结构型长时程增强:从突触发生到受调控的突触增大和聚集。
Structural LTP: from synaptogenesis to regulated synapse enlargement and clustering.
机构信息
University of Texas at Austin, United States.
出版信息
Curr Opin Neurobiol. 2020 Aug;63:189-197. doi: 10.1016/j.conb.2020.04.009. Epub 2020 Jul 10.
Abstract
Nature teaches us that form precedes function, yet structure and function are intertwined. Such is the case with synapse structure, function, and plasticity underlying learning, especially in the hippocampus, a crucial brain region for memory formation. As the hippocampus matures, enduring changes in synapse structure produced by long-term potentiation (LTP) shift from synaptogenesis to synapse enlargement that is homeostatically balanced by stalled spine outgrowth and local spine clustering.
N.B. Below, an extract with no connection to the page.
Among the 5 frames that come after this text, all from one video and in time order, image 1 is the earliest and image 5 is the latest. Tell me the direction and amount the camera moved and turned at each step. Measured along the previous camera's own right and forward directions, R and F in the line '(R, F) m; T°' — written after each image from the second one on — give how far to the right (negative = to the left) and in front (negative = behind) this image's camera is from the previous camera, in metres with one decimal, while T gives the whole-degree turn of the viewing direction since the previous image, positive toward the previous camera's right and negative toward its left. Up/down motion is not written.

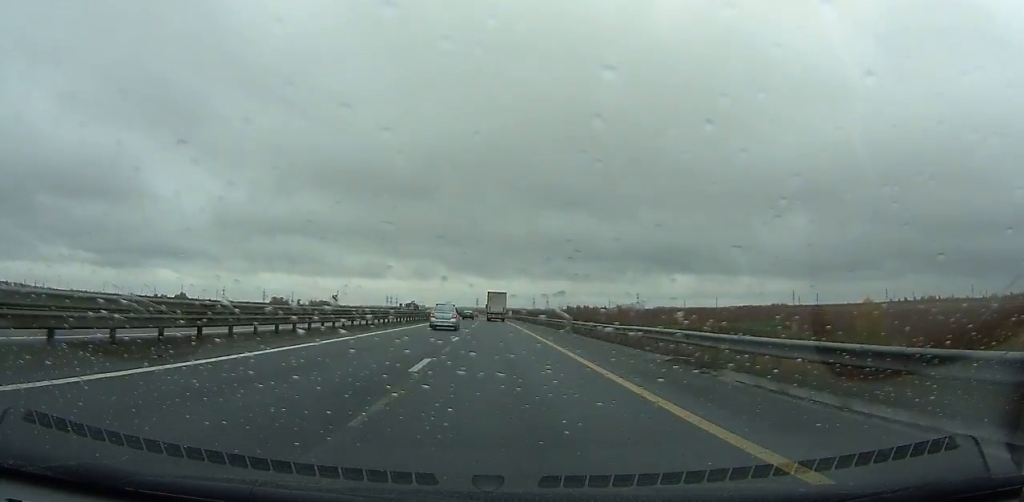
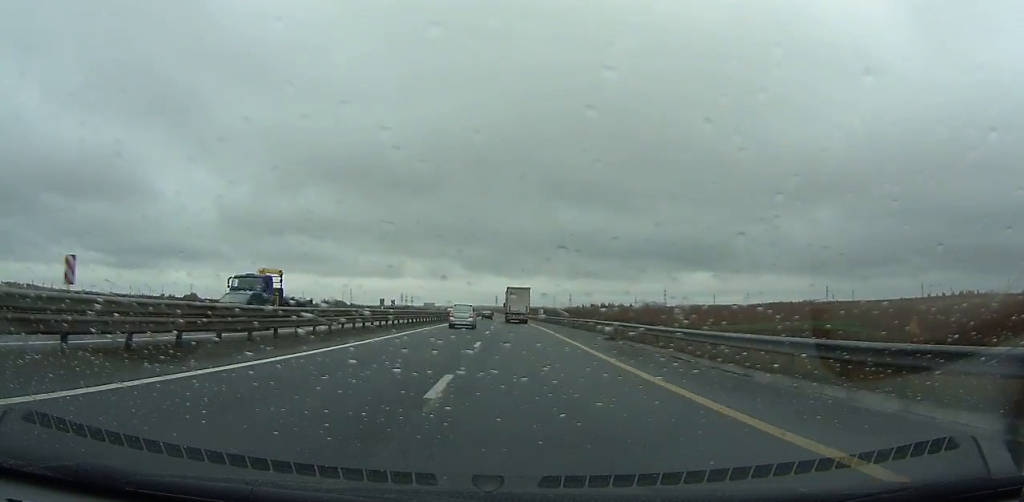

Production of LTP leads to silent spine outgrowth at P15, and silent synapse enlargement in adult hippocampus at 2hours, but not at 5 or 30min following induction. Here we consider structural LTP in the context of developmental stage and variation in the availability of local resources of endosomes, smooth endoplasmic reticulum and polyribosomes. The emerging evidence supports a need for more nuanced analysis of synaptic plasticity in the context of subcellular resource availability and developmental stage.
摘要
自然告诉我们,形式先于功能,然而结构和功能是相互交织的。突触结构、功能和可塑性在学习中就是如此,特别是在海马体中,海马体是记忆形成的关键脑区。随着海马体的成熟,由长时程增强(LTP)产生的突触结构的持久变化从突触发生转变为突触扩大,这是通过停滞的棘突生长和局部棘突聚集来平衡的。LTP 的产生导致 P15 时沉默的棘突生长,以及成年海马体中 2 小时时沉默的突触扩大,但在诱导后 5 或 30 分钟时则没有。在这里,我们考虑了结构 LTP 在发育阶段和内体、光滑内质网和多核糖体等局部资源可用性方面的差异。新出现的证据支持在亚细胞资源可用性和发育阶段的背景下,更细致地分析突触可塑性的必要性。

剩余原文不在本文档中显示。